**Problem**
Where the records below reach the line containing "share of the ground: > 75 %", start transcribing, and end with the line containing "longitude: -7.8176", exactly and with nothing else added.

**Listed records**

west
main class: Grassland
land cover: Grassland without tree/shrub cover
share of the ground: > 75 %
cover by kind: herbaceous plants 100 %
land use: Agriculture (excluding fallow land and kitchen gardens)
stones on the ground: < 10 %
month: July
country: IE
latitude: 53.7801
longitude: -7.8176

* * *

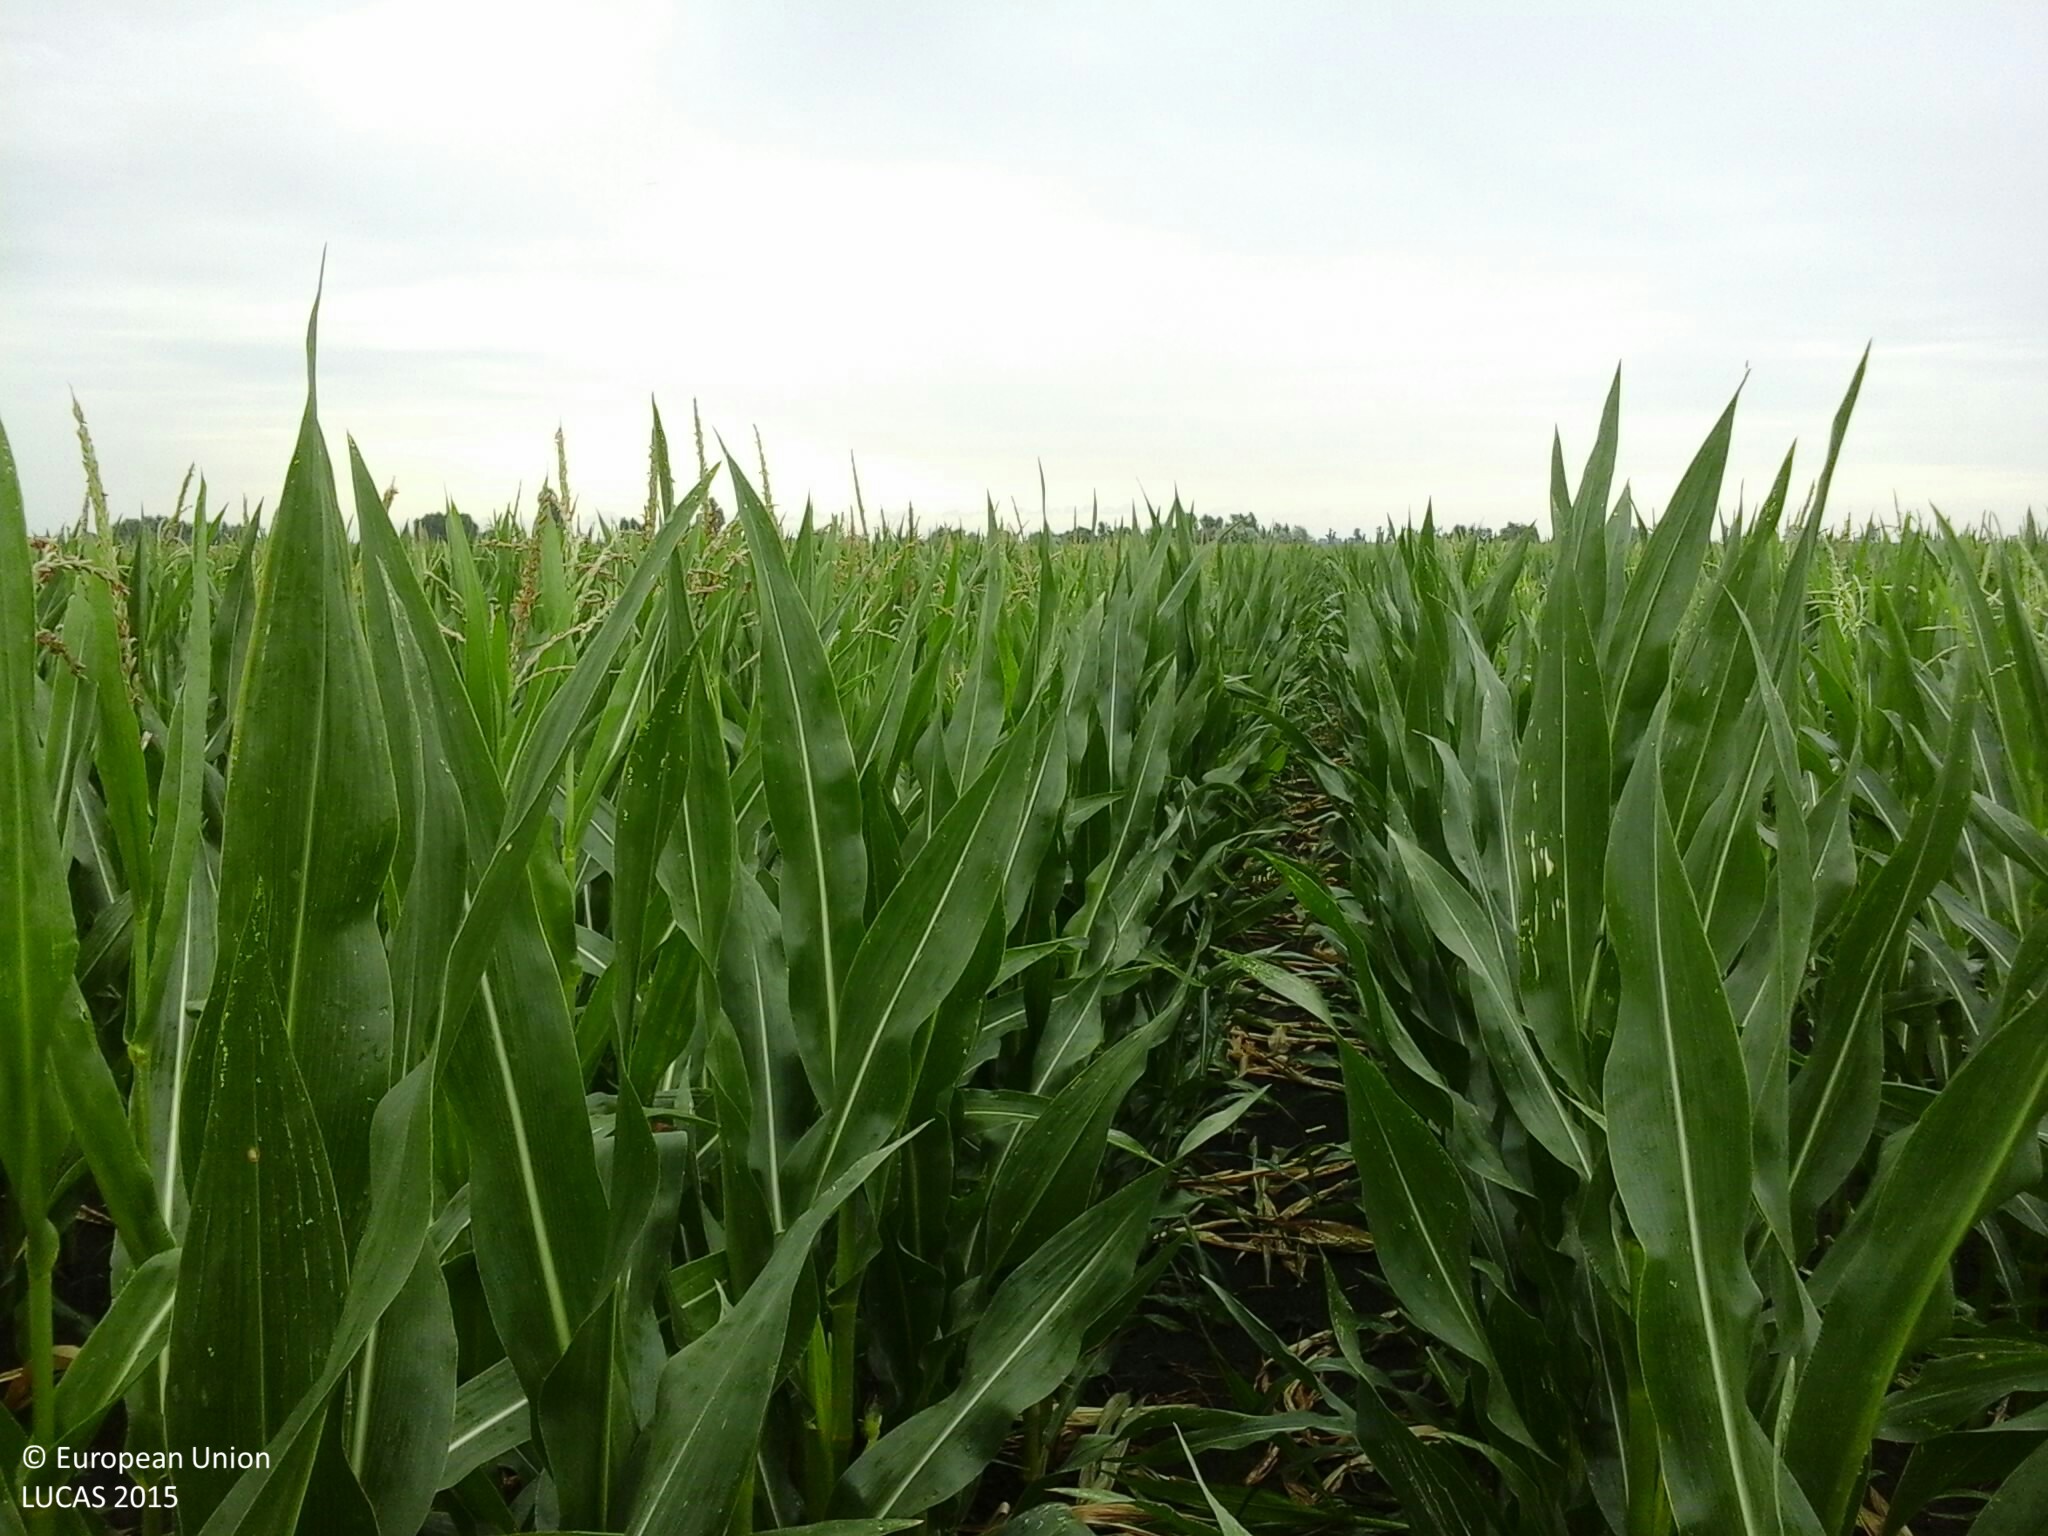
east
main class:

**Output of the exercise**
share of the ground: > 75 %
cover by kind: herbaceous plants 100 %
land use: Agriculture (excluding fallow land and kitchen gardens)
stones on the ground: < 10 %
month: July
country: IE
latitude: 53.7801
longitude: -7.8176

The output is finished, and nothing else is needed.